Следующую станцию Зернов, желавший во что бы то ни стало найти на Южном берегу Крыма устричную гряду, сделал на ракушечнике, на глубине 14 саженей (около 25 метров). Однако из моллюсков, помимо мидий и всякой мелочи, мы нашли лишь отдельные экземпляры устриц. Створки моллюсков были покрыты различными водорослями, среди которых, очевидно, держались выдрагированные нами мелкие "морские собачки" с кожистыми придатками над глазами (Blennius tentacularis). "Нет настоящего устричника! - резюмировал Зернов. - Пойдемте дальше, на фазеолиновый ил".

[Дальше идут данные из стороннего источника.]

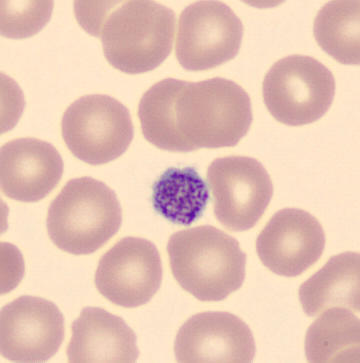
Platelet (thrombocyte).
MGG stain. Peripheral blood smear. Automated cell imaging (CellaVision DM96).
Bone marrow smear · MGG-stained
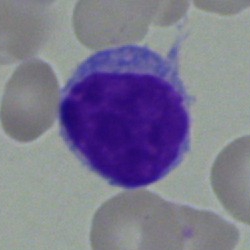
Morphology consistent with a typical lymphocyte.
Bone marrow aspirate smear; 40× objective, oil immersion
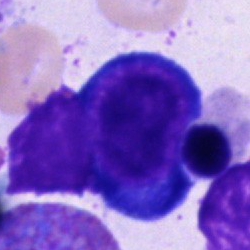Morphology consistent with a pronormoblast.
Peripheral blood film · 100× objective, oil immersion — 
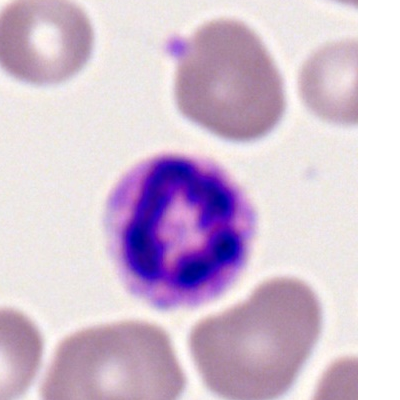
Morphology consistent with a segmented neutrophil.
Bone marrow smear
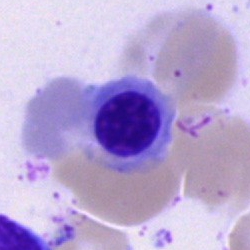

Q: What type of cell is this?
A: Erythroblast.
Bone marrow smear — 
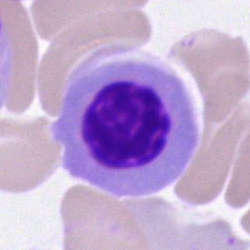
Specimen: bone marrow smear.
Classification: nucleated red cell.
Lineage: erythroid.

Однако станция № 13, которую мы сделали на глубине 40 саженей, следовательно уже в пределах фазеолинового ила, оказалась очень бедной жизнью: серый с черными прослойками ил содержал мало даже самой фазеолины.

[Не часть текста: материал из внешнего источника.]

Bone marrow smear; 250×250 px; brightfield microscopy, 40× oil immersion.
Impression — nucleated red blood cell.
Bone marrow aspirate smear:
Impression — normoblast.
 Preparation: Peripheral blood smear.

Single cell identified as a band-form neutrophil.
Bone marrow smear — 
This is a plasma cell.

"Надо возвращаться, а то Андрусов заждется!" - сказал С. А. Зернов. Однако на возвратном пути мы взяли еще одну станцию в области мидиевого ила, на глубине 22 саженей. Несмотря на это, густой и вязкий ил содержал гораздо больше крупных Mactra, чем самих мидий и фазеолин. Зернову показалось замечательным, что на створках раковин сидели нежные красные водоросли и Polysiphonia, которые под Севастополем он считал характерными для биоценоза прибрежных скал.
В истории нашей экспедиции станция № 14 замечательна тем, что здесь единственный раз за весь месяц С. А. Зернов взял, для очистки совести, одну пробу поверхностного планктона. "Ну, теперь скорей к берегу, а то, видите, лодка отчаливает - верно Андрусов!" - сказал он, фиксируя планктонную пробу.

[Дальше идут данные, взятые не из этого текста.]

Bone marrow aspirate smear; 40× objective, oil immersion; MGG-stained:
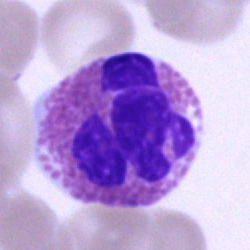Cell type: eosinophil.
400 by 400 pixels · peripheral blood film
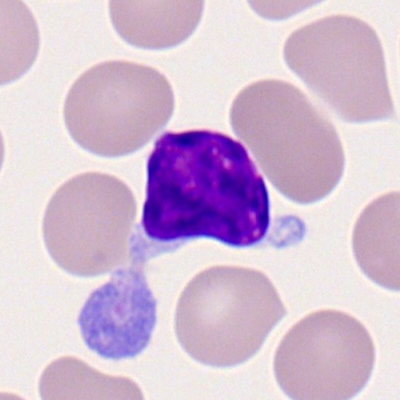
The cell type is typical lymphocyte.
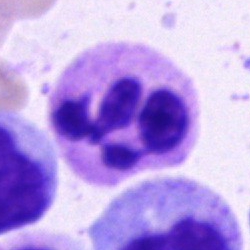

Classification: segmented neutrophil.

И действительно, не успели мы бросить якорь, как к борту "Меотиды" привалила лодка с гостями: помимо характерной бородатой фигуры самого Н. И. Андрусова, в ней сидела какая-то пожилая дама и элегантно одетый
седой мужчина. Дама оказалась Марией Васильевной Павловой, знакомой мне по Московскому университету, супругой моего учителя, профессора геологии А. П. Павлова; ее спутник был знаком мне лишь по рассказам - профессор астрономии Московского университета В. К. Церасский.
Оба они отдыхали в Судаке и воспользовались случаем посетить "экспедицию" Академии наук. Они с любопытством разглядывали наши сборы, осмотр которых мы только что закончили.
Марию Васильевну, составившую себе европейскую известность работами по третичным млекопитающим, почему-то привела в восторг маленькая морская собачка, помещенная мною в банку с водорослями.
- Какая прелесть! - любовалась она, разглядывая банку на свет. - Каждое перышко видно - совсем как ископаемая рыбка!
- Высший комплимент, который может палеонтолог сделать живой рыбе, это приравнять ее к ископаемой! - несколько непочтительно сострил я.
- Как? и вы зоолог? - стрельнула в мою сторону быстрыми глазами Мария Васильевна. - А мы-то думали, что вы матрос, настоящий морской волк! - Действительно - босой, вымазанный илом и одетый, по обыкновению, в матроску с закатанными рукавами, я всего менее походил на "студента императорского университета".
Ободренный тем, что мое язвительное замечание было принято гостями благосклонно, я решил продолжать и заявил Церасскому, что в морских пучинах живет пойманная нами сегодня рыба, именуемая Uranoscopus - то есть звездочет.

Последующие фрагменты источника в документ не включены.